Gagausien - Republik des Staubs

Ostwind Kolumne: Episoden aus Osteuropa (1)

Ohne sich viel um Transformationstheorien und -strategien zu scheren, wird Martin Leidenfrost fortan in einer neuen Freitag-Kolumne alle 14 Tage Episoden aus Osteuropa schildern. Er wird über Banker und Bürger in Kiew ebenso berichten wie über slowenische Kohle oder ein Disney-Schlösschen im bitterarmen Transkarpatien. Auch Sektengurus in Russland hat er besucht, die sich nicht nur vorstellen können, bei den Präsidentenwahlen 2008 anzutreten, sondern dabei auch zu gewinnen.

Die Gagausen könnten die Herren der Welt sein: Gagausisch ist dem Türkischen eng verwandt und schafft eine natürliche Nähe zum turksprachigen Raum; das Russische, das die christlich-orthodoxen Gagausen im Alltag bevorzugen, erschließt ihnen die postsowjetische Welt; und die vielen Gagausen, die auch noch die rumänische Staatssprache beherrschen, erlernen mühelos romanische Sprachen.

Die Welt nimmt freilich keine Notiz von diesem 180.000-Seelen-Ländchen Gagausien, das sich 1991 für unabhängig erklärt hat und seit 1994 Mitglied der Organisation von der UNO nicht anerkannter Staaten (UNPO) ist. Gagausien hält die Insignien seiner bescheidenen Staatlichkeit trotzdem hoch, unterhält Sonderbeziehungen mit der gelegentlich spendablen Türkei und hat sich ansonsten mit der moldawischen Zentralregierung arrangiert.

An der Fernstraße von Chisinau nach Süden ragt das einzige Grenzmonument auf, das sich die auf vier Territorialflicken verstreute Republik geleistet hat. Das Pro-Kopf-Einkommen der Gegend, die einmal Bessarabien hieß, erinnert an afrikanische Werte.
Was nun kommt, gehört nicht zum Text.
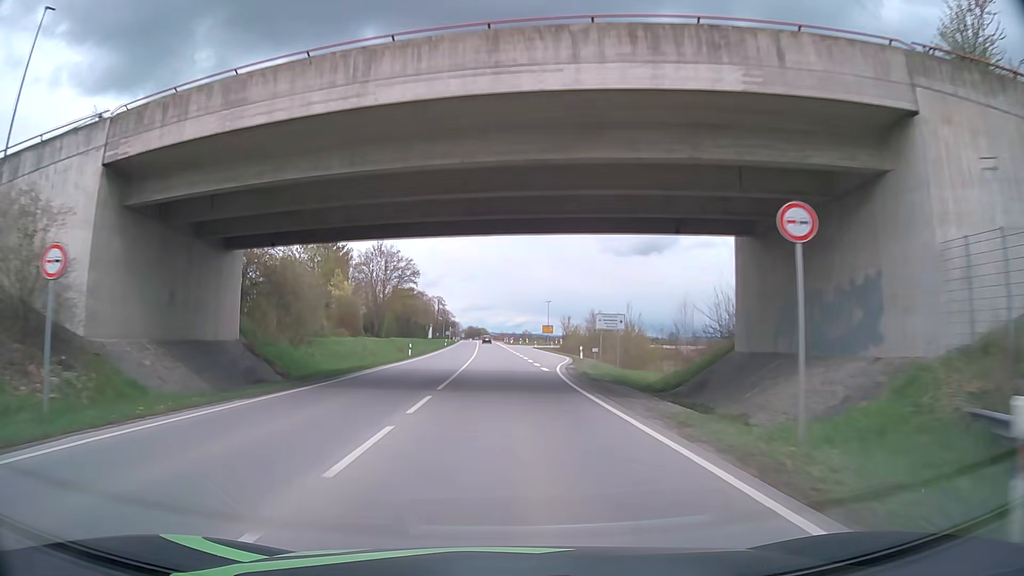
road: primary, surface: asphalt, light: Day
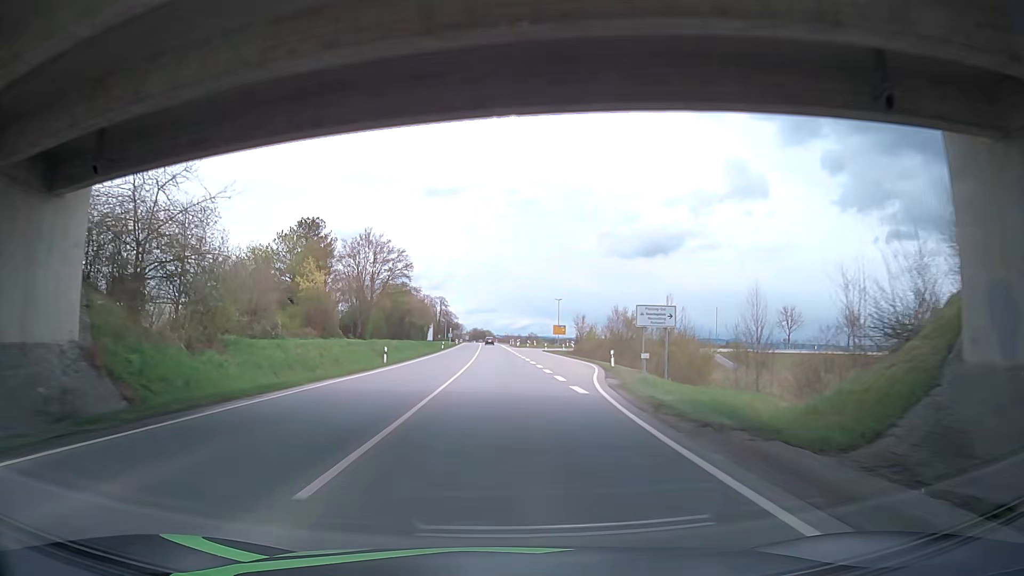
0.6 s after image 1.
(-0.1, +13.3) m; -1°
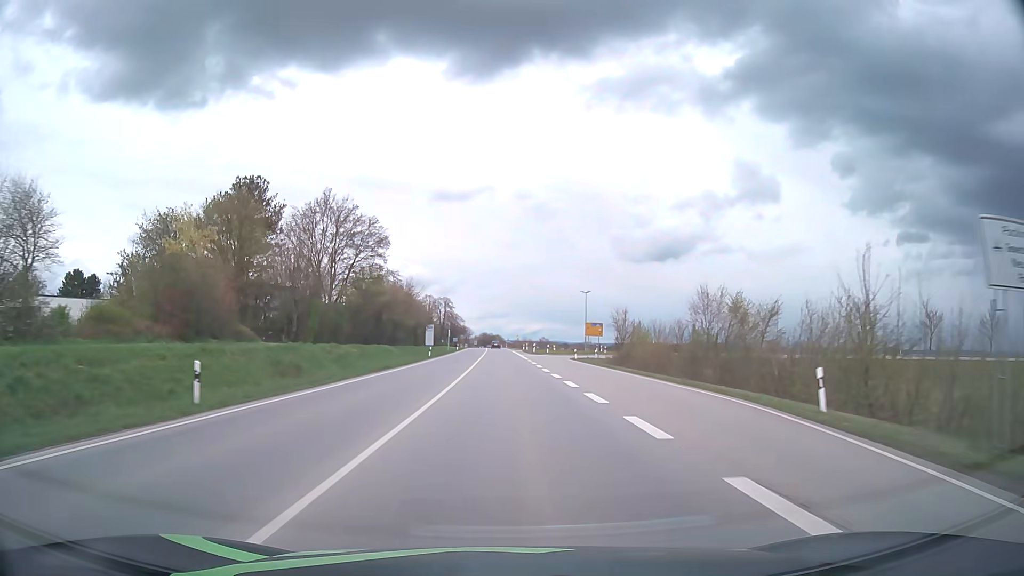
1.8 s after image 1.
(+0.1, +26.6) m; -1°
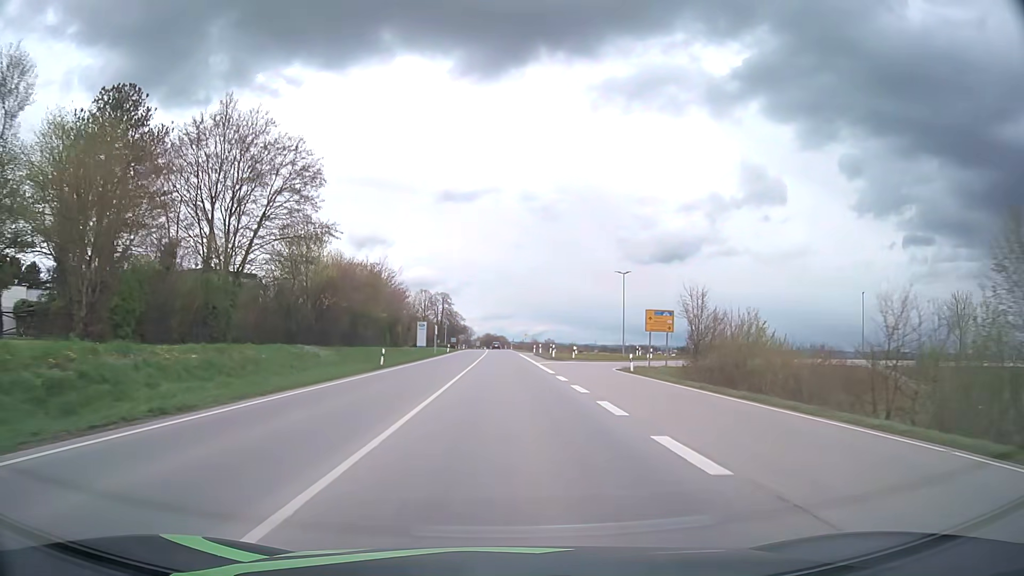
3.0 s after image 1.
(-0.1, +26.9) m; 0°
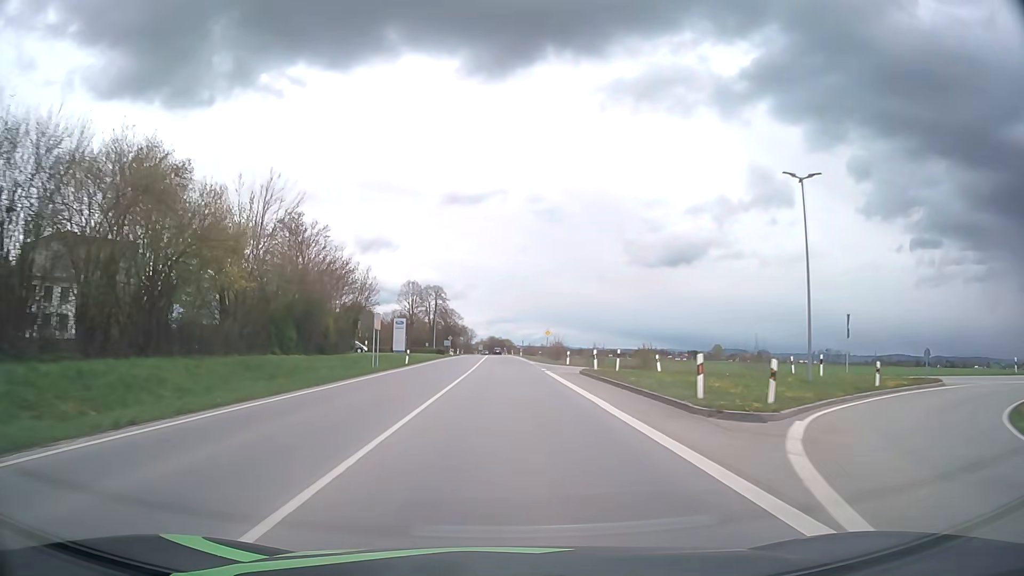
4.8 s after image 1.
(-0.2, +41.1) m; -1°
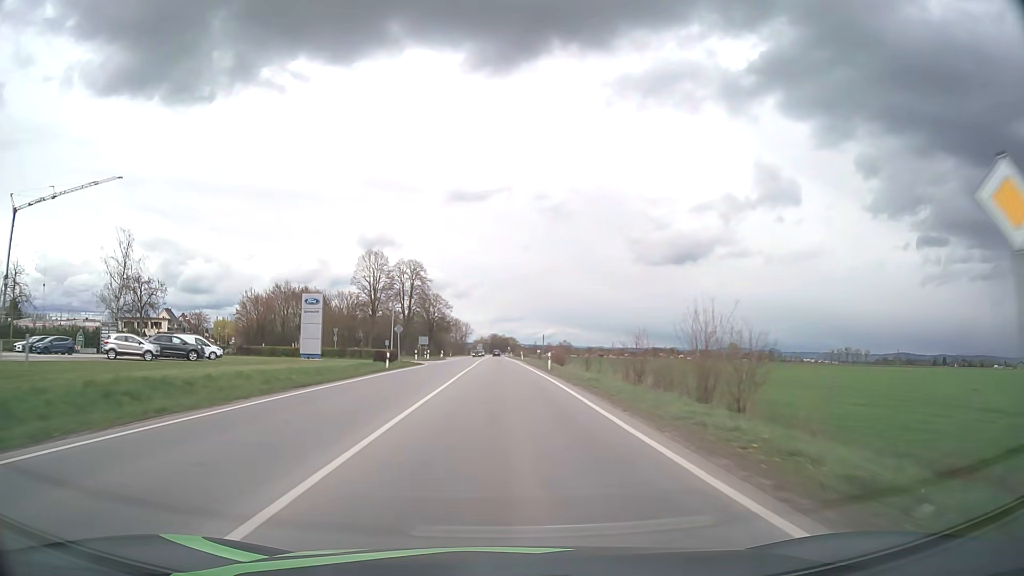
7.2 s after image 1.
(-0.1, +56.3) m; 0°
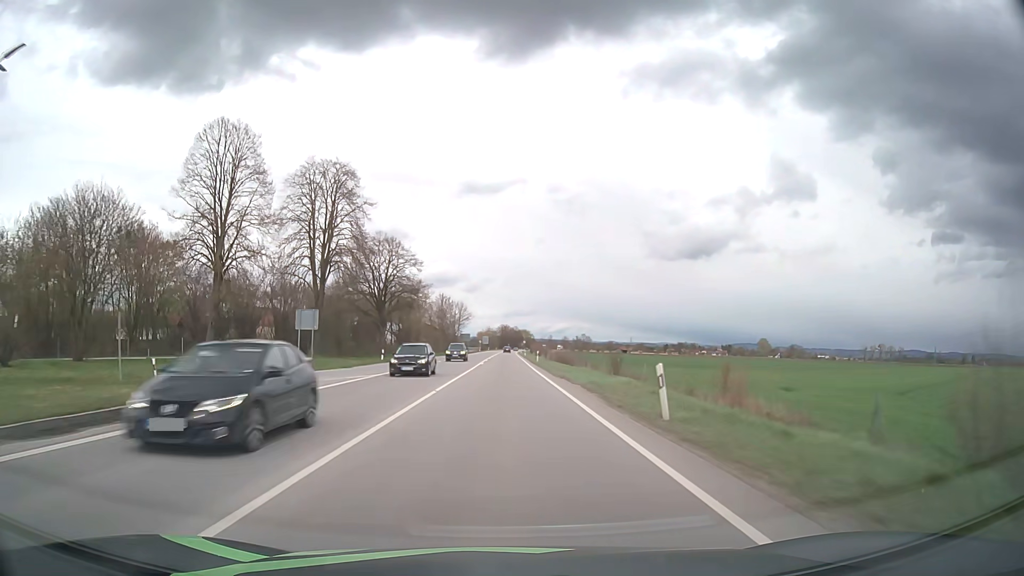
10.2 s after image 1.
(-0.5, +72.4) m; -1°
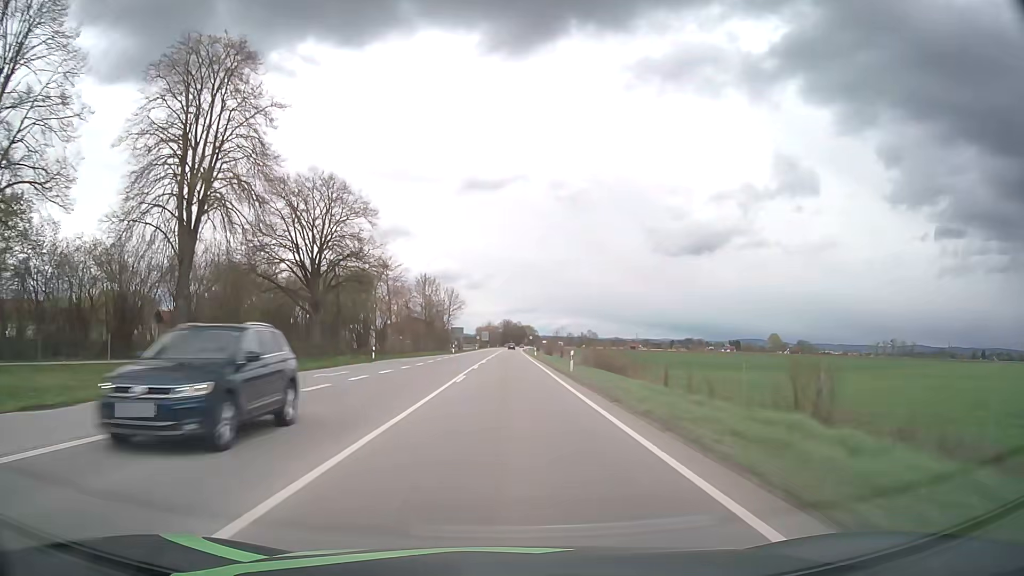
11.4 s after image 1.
(0.0, +29.6) m; 0°
(0, +10) (0, +20) (0, +30) (0, +40) (0, +50) (0, +60) (0, +70) (0, +80) (+1, +90) (+1, +100) m

Man käme der Wahrheit um einiges näher, ersetzte man die moldawischen und gagausischen Flaggen durch die schwarz-gelbe Trademark eines auf rasche internationale Überweisungen spezialisierten Finanzdienstleisters: Sie betreten hiermit Western-Union-Country.
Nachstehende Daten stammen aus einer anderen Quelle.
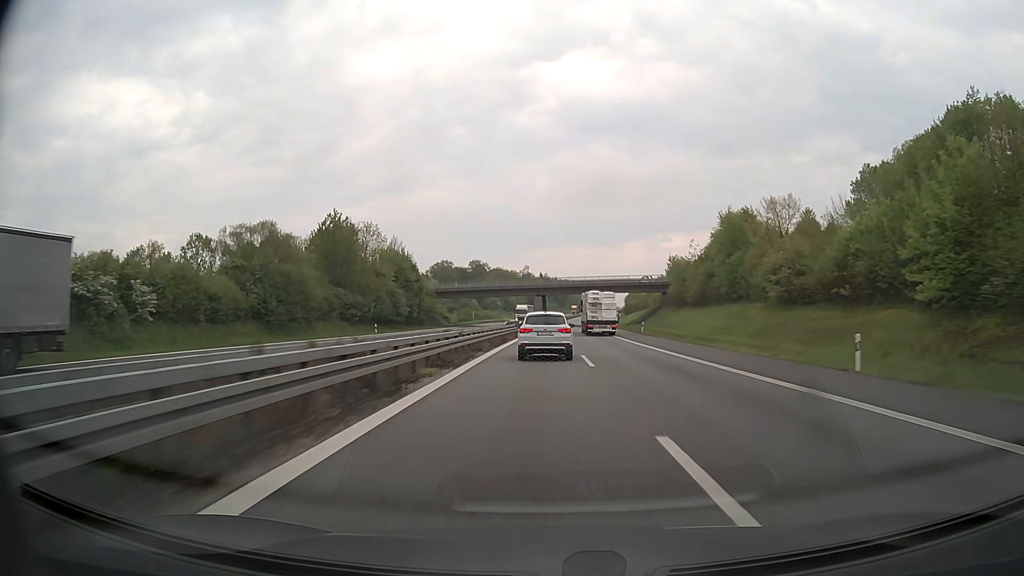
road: motorway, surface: asphalt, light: Day
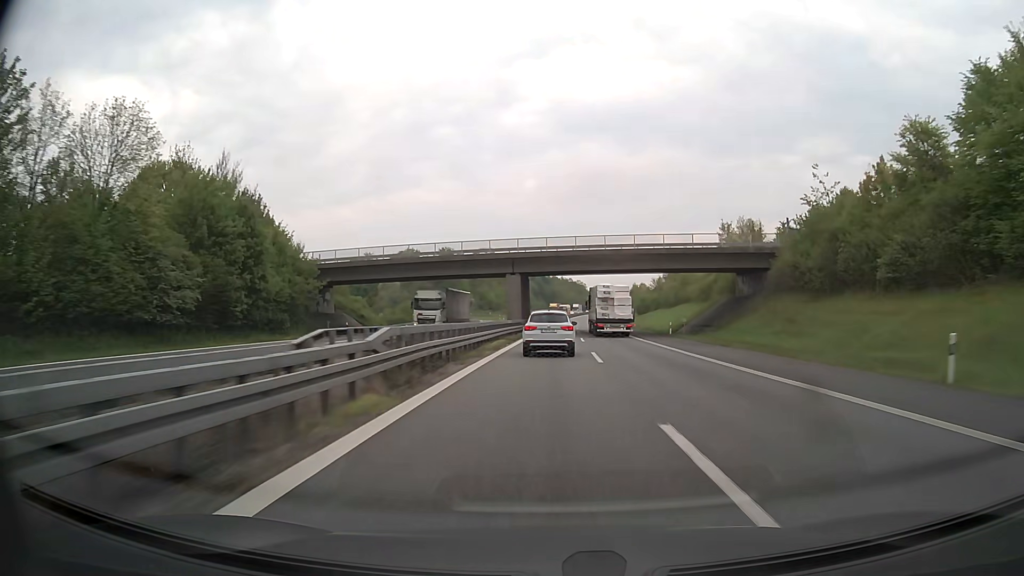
(+0.3, +53.2) m; +1°
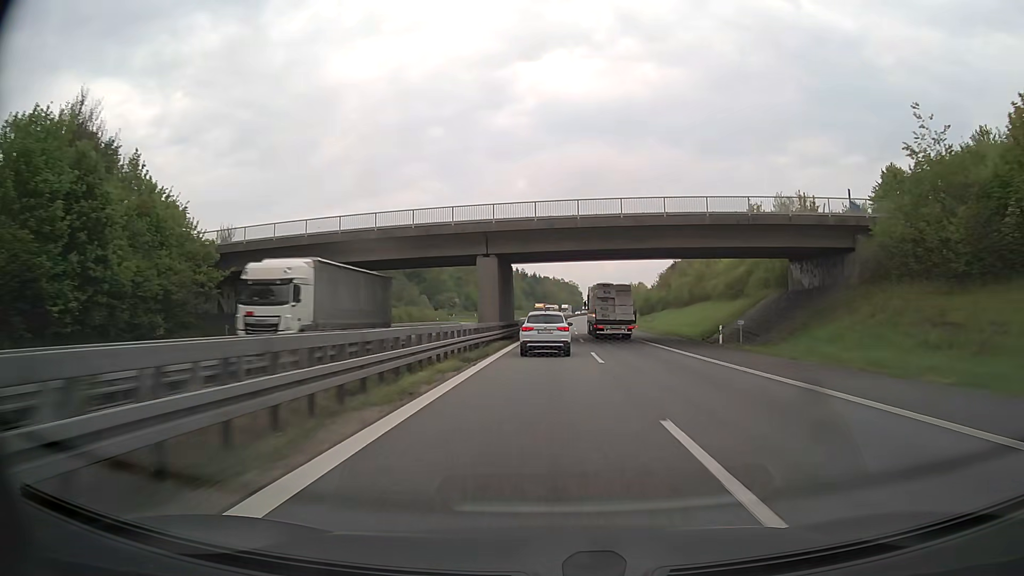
(+0.1, +17.6) m; +1°
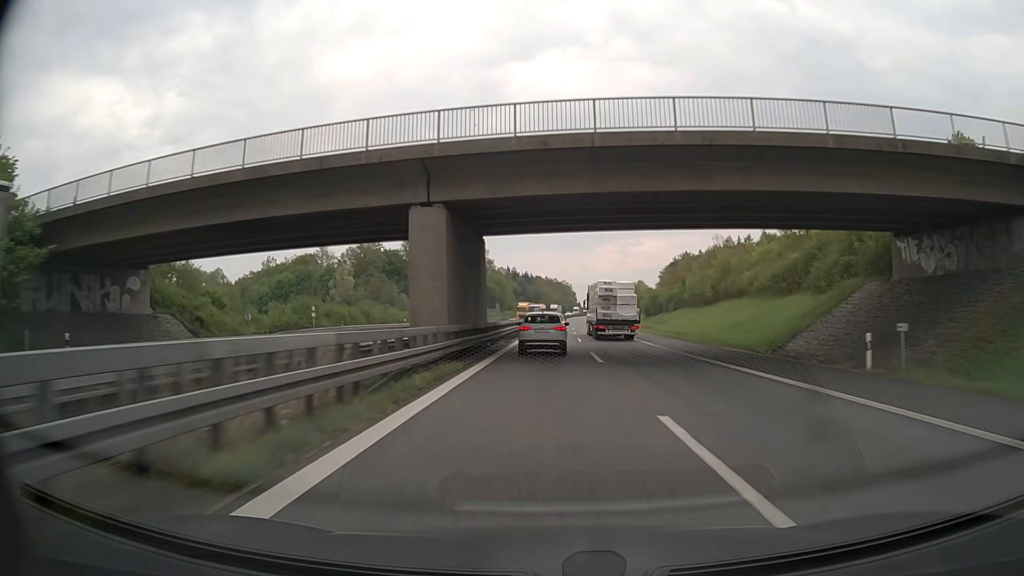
(+0.1, +17.7) m; +1°
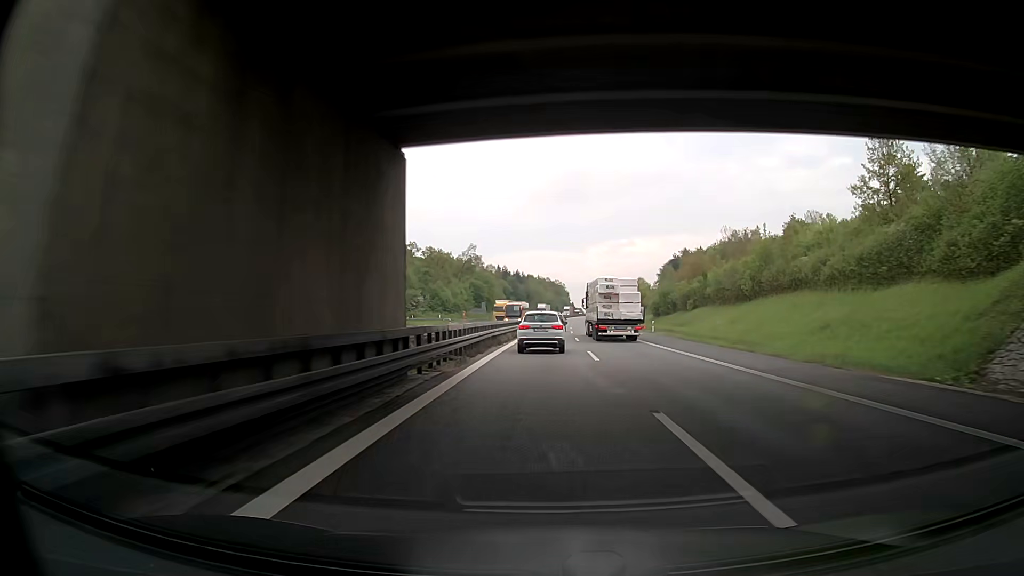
(+0.1, +17.7) m; +1°
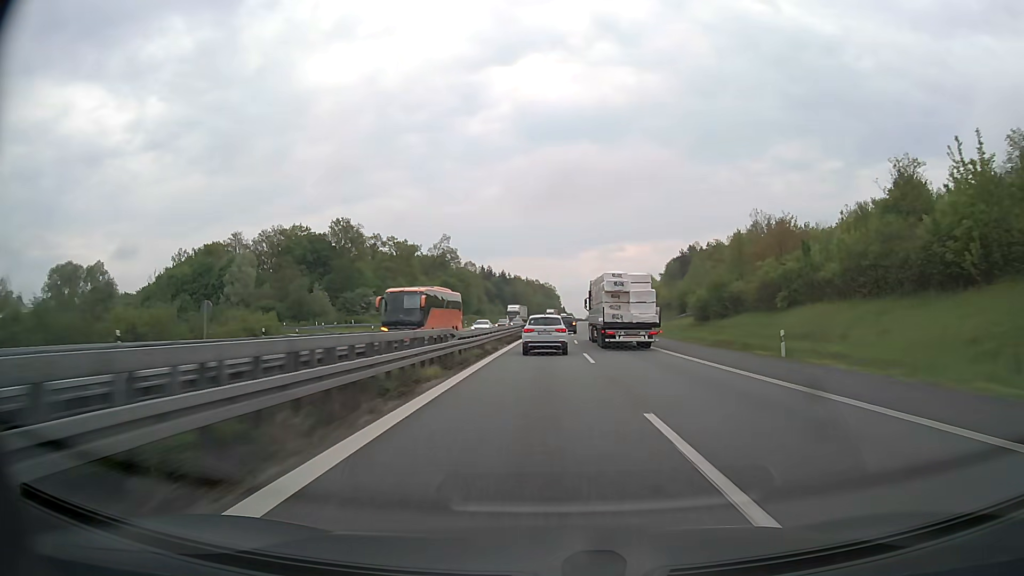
(+0.3, +35.9) m; 0°
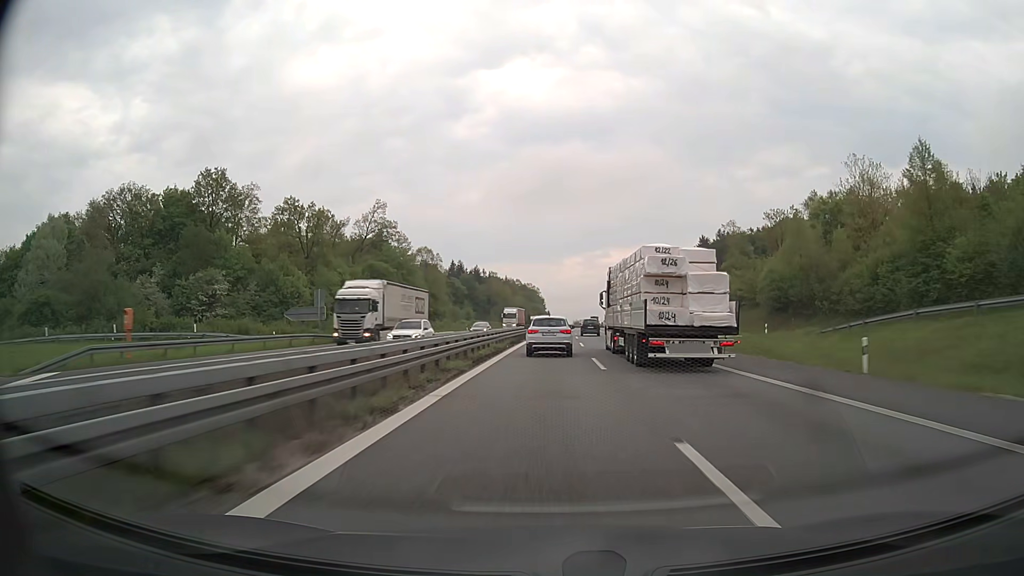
(+0.9, +56.6) m; +2°
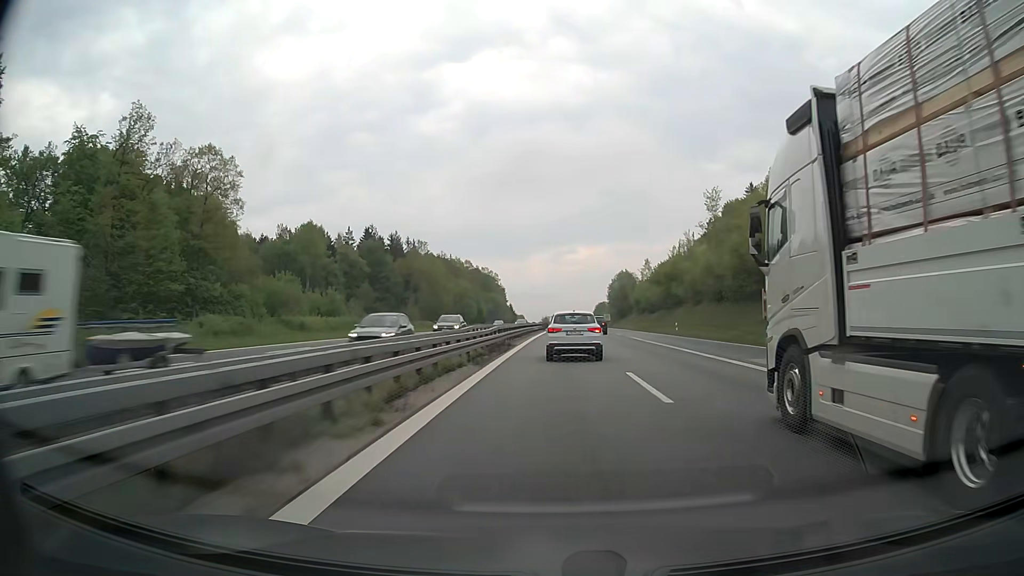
(+2.2, +98.7) m; +3°
(0, +10) (0, +20) (0, +30) (+1, +40) (+1, +50) (+1, +60) (+1, +70) (+2, +80) (+2, +90) (+3, +100) m

Zwei Jahre nach meinem ersten Besuch kehre ich nach Comrat zurück, in das flache Großdorf, das Gagausien als Hauptstadt und dem "Baschkan" als Amtssitz dient. Jeder, der jemals in Comrat war, berichtet von Staub, von ungreifbaren Schwaden wehenden, rieselnden, in den Organismus dringenden Staubs. Doch Comrat hat sich entwickelt, die Fußwege im Zentrum sind gepflastert, an windstillen Tagen scheint der Staub gebannt.

Demnächst wird ein neuer Baschkan gewählt. Die geostrategischen Vorlieben, die man den Kandidaten nachsagt, spiegeln die Verworrenheit des moldawischen Problemknäuels wider, das aus Comrater Perspektive noch um einige Knoten verwickelter erscheint. Soll Gagausien weiter mit der kommunistischen Zentralregierung Moldawiens sympathisieren? Aber ist diese nicht allzu unglücklich zwischen den feindseligen Machtpolen EU und Russland gelandet? Kommen die Türken als arglose Kultursponsoren oder streben sie nicht eher nach Islamisierung ihrer versprengten Brüder? Und wie soll man sich zu den russophilen Transnistriern stellen, die ihre Abspaltung von Moldawien mit blutigem Ernst durchgezogen haben? Bewundert, achtet, ignoriert - isoliert man sie?

Jede Debatte endet unweigerlich bei der einen Glaubensfrage: War es der Amtsinhaber oder sein Herausforderer - war es der alte Baschkan oder der junge Bürgermeister, der das Geld für die Pflasterung der Gehwege gab?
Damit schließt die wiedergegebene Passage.